» **EXERCISE DETAILS**
Would you please output, word for word, the span of the listing below that opens on the line containing "tolk duidelijk aanwezig" and closes on the line containing "משתעלים או מתעדשים, אל"? Include both ends and nothing more.

········

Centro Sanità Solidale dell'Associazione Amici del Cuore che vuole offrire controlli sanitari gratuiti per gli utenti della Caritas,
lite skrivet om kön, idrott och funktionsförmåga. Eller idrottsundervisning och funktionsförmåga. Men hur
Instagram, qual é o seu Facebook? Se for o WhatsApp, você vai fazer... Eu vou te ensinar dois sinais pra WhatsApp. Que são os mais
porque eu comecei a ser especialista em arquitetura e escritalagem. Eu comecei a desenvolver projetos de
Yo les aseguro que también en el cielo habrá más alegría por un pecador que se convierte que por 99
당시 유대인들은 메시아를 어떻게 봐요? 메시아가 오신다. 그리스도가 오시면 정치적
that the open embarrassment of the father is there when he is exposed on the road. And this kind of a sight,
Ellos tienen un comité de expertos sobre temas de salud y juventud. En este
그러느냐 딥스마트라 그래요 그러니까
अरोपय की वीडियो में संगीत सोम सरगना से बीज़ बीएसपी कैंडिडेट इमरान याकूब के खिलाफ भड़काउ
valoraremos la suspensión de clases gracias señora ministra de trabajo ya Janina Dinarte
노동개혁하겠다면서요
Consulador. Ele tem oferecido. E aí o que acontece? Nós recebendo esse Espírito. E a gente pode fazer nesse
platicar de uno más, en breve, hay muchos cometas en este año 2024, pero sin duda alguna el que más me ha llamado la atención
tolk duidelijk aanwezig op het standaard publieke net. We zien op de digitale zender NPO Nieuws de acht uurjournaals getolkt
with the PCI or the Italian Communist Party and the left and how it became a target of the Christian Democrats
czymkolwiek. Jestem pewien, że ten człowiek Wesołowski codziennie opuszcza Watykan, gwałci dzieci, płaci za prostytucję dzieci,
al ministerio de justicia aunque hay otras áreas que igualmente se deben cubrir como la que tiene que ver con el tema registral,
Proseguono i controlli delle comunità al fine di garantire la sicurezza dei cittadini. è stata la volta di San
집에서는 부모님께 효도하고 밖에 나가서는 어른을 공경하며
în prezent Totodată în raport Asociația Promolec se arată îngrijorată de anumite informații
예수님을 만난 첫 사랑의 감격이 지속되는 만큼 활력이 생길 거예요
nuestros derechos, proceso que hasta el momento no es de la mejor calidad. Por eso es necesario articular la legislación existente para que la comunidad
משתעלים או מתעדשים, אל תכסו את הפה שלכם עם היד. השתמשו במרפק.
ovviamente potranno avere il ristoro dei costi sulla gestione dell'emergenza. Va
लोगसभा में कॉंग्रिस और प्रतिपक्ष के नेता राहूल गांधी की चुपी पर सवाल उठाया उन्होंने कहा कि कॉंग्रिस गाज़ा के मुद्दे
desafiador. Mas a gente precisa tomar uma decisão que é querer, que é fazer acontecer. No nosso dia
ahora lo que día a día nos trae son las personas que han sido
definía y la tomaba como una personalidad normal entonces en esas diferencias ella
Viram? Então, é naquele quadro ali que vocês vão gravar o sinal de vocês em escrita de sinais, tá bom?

········

» **YOUR RESPONSE**
tolk duidelijk aanwezig op het standaard publieke net. We zien op de digitale zender NPO Nieuws de acht uurjournaals getolkt
with the PCI or the Italian Communist Party and the left and how it became a target of the Christian Democrats
czymkolwiek. Jestem pewien, że ten człowiek Wesołowski codziennie opuszcza Watykan, gwałci dzieci, płaci za prostytucję dzieci,
al ministerio de justicia aunque hay otras áreas que igualmente se deben cubrir como la que tiene que ver con el tema registral,
Proseguono i controlli delle comunità al fine di garantire la sicurezza dei cittadini. è stata la volta di San
집에서는 부모님께 효도하고 밖에 나가서는 어른을 공경하며
în prezent Totodată în raport Asociația Promolec se arată îngrijorată de anumite informații
예수님을 만난 첫 사랑의 감격이 지속되는 만큼 활력이 생길 거예요
nuestros derechos, proceso que hasta el momento no es de la mejor calidad. Por eso es necesario articular la legislación existente para que la comunidad
משתעלים או מתעדשים, אל תכסו את הפה שלכם עם היד. השתמשו במרפק.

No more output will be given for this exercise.